Thursday, January 24, 2013

Window on Eurasia: Kirill Moving Russian Church from Feudalism to ‘Enlightened Absolutism,’ Mitrokhin Says

Paul Goble

            Staunton, January 24 – Patriarch Kirill over the last two years has been working to transform the administration of the Russian Orthodox Church from that of “the late Middle Ages” into another one resembling “enlightened absolutism,” according to a leading specialist on the Russian church.

            In an article in “Vedomosti” yesterday, Nikolay Mitrokhin, a researcher at the Center for the  Study of Eastern Europe at the University of Bremen in Germany, argues that these reforms, which he says “on the whole” are “progressive,” are far more significant than many yet appreciate (

            After the collapse of the Soviet system and the freeing of the church from “the oppression of the party-state machine,” he says, the Russian Orthodox Church “quickly became more archaic and converted itself into something analogous to the medieval system of apanage princes,” with the most influential of these “princes of the church” forming the Holy Synod.

            As it operated in the 1990s, Mitrokhin continues, the Synod was “simultaneously a supervisory council and a board of directors with the participation of minority” stock owners. Subordinate to it were the departments of the Patriarchate which “were headed less influential bishops.”

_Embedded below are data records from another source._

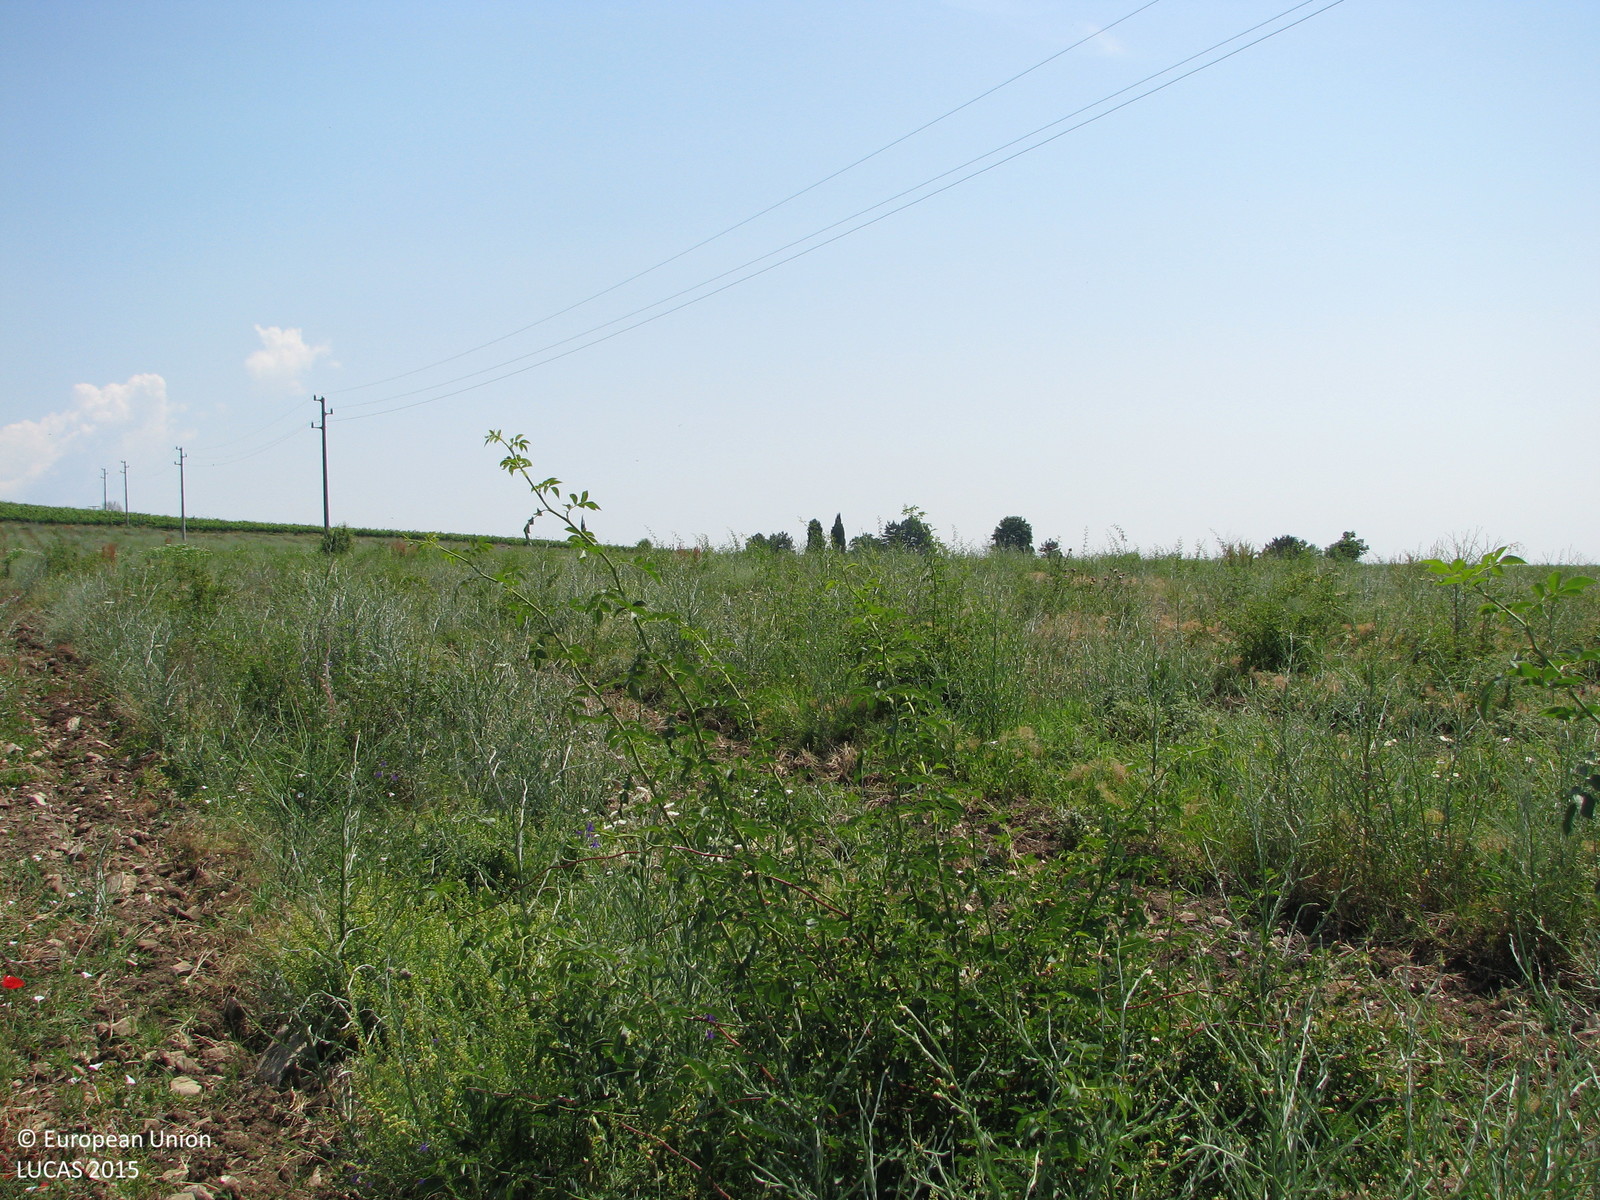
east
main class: Cropland
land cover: Other fruit trees and berries
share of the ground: < 10 %
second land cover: Spontaneously vegetated surfaces
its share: > 75 %
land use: Agriculture (excluding fallow land and kitchen gardens)
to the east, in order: Other fruit trees and berries; Spontaneously vegetated surfaces; Electric lines; Other fruit trees and berries; Other bare soil; Other fruit trees and berries; Rye; Common wheat; Rye; Grassland with sparse tree/shrub cover
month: June
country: BG
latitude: 42.6059
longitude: 26.2131
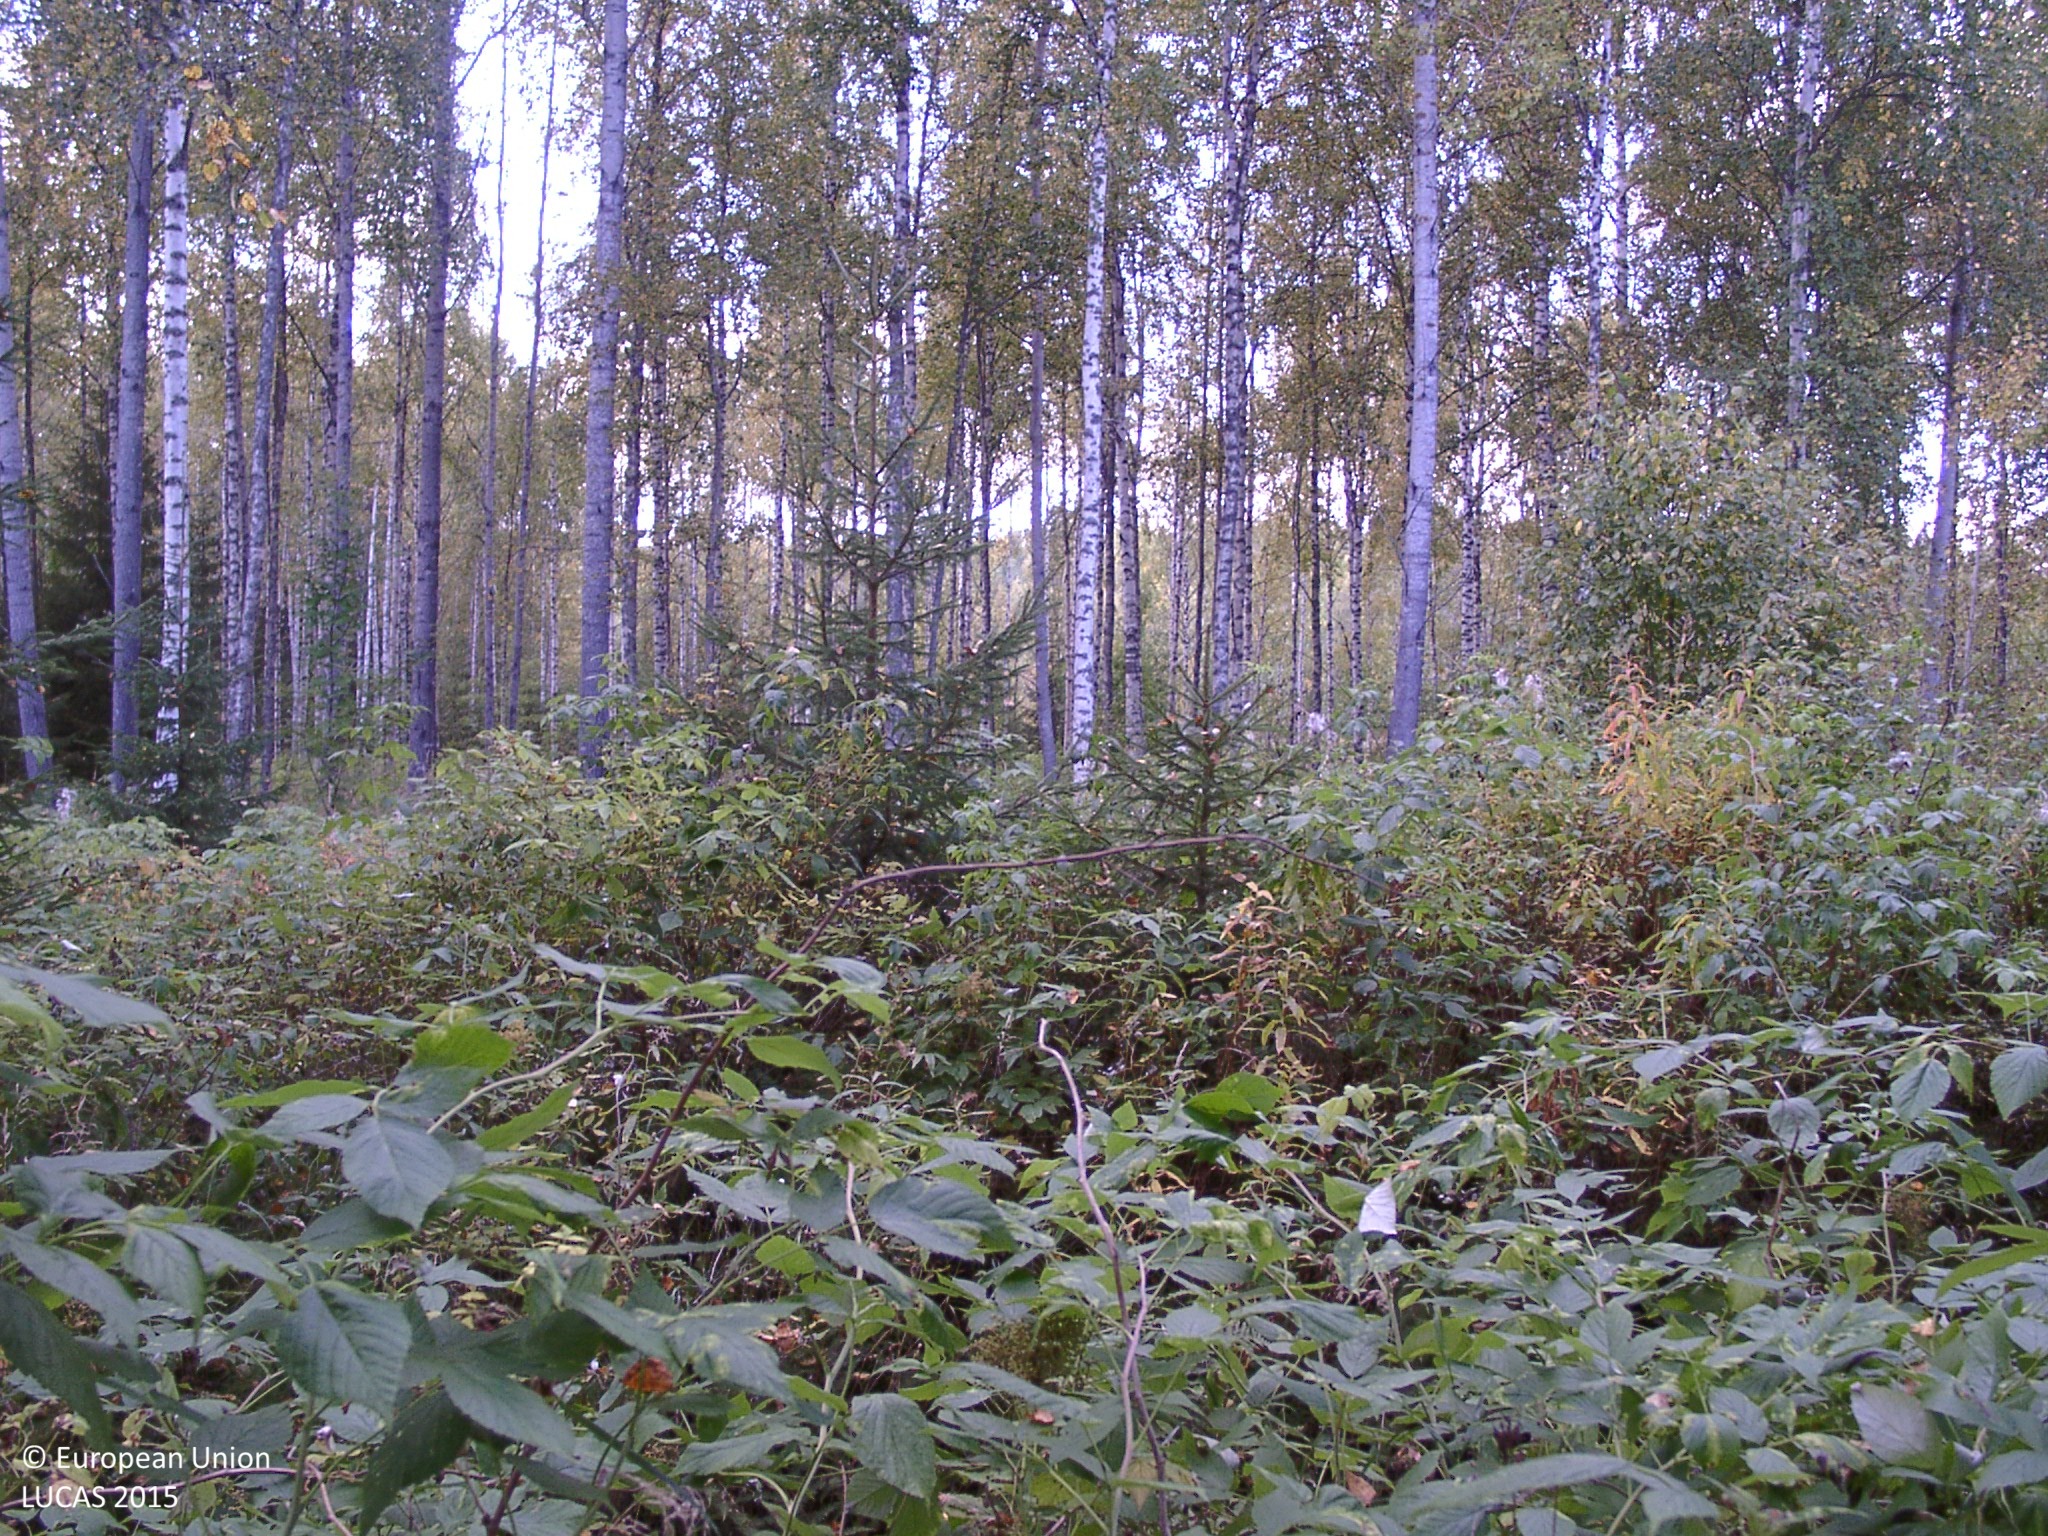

            This meant that “the main part of the Church was handed over to the administration of the numerous bishops” – at that time there were “about 170” – who were “in fact uncontrolled” and “what was most important” to them did not have to pay the “taxes” that the Patriarchate said they owed to itself. A similar arrangement obtained between the parishes and the bishoprics.

            According to Mitrokhin, this not only forced the Patriarchate to seek other forms of income, often with scandalous results, but mean that “in the largest autonomous part of the Russian Orthodox Church, the Ukrainian Orthodox Church,” this opened the way to schisms and other divisions.

            In short, the religious scholar says, “the Russian Orthodox Church under Aleksii II from the economic and administrative point of view was a gigantic corporation which united under a single brand tens of thousands of independent economic agents” who could do largely what they wanted – and did as long as they paid modest “franchise” fees.

            The first moves to change that situation began at the end of Aleksii’s reign. In violation of the Church’s own rules, the regular convention of church councils was replaced by a council of the highest clergy which met more frequently and gradually took direct control not only of the bishoprics but even of individual congregations.

            As a result, Mitrokhin says, “not more than half of the working churches” in the city of Moscow are legally “parishes” with their own legal personhood. The others “are no more than points of providing religious services” which are directly subordinate to the Patriarchate which controls their operation and takes their funds for its own use.

            To push his own reform agenda, not much in evidence during the first two years of his Patriarchte, Kirill first of all divided the functions of the Holy Synod which still included the “princes” and those of a Higher Church Council which “united all the chiefs of the synod departments” which increased in number and became more directly Kirill’s agents.

            Then, the incumbent patriarch created a body, parallel to the Social Chamber instituted by Vladimir Putin, to give advice to the synod and prepare recommendations for future councils of the church.

            Then, Mitrokhin notes, Kirill launched a reform of the episcopate and the basic territorial subdivisions of the Moscow Patriachate, the bishoprics. He increased the number of bishoprics within Russia by about 40 and thus ensuring that Russians rather than Ukrainians will have the dominate voice in the Church in the future. And he set up church structures paralleling Putin’s federal districts as monitoring services for himself.

            But the biggest changes have been those Kirill has imposed on individual congregations. Even those who retain the status of legal persons do not in the view of the church “own” their premises or furnishings and thus are not in a position to split from the church or do anything else the Patriarchate itself opposes.

            The imposition of such controls within the Church, Mitrokhin says, resemble the imposition of greater control over simple people as Europe moved from feudalism to “enlightened absolutism,” a transition that in this case represents a clear indication of the direction Kirill wants the Church to go.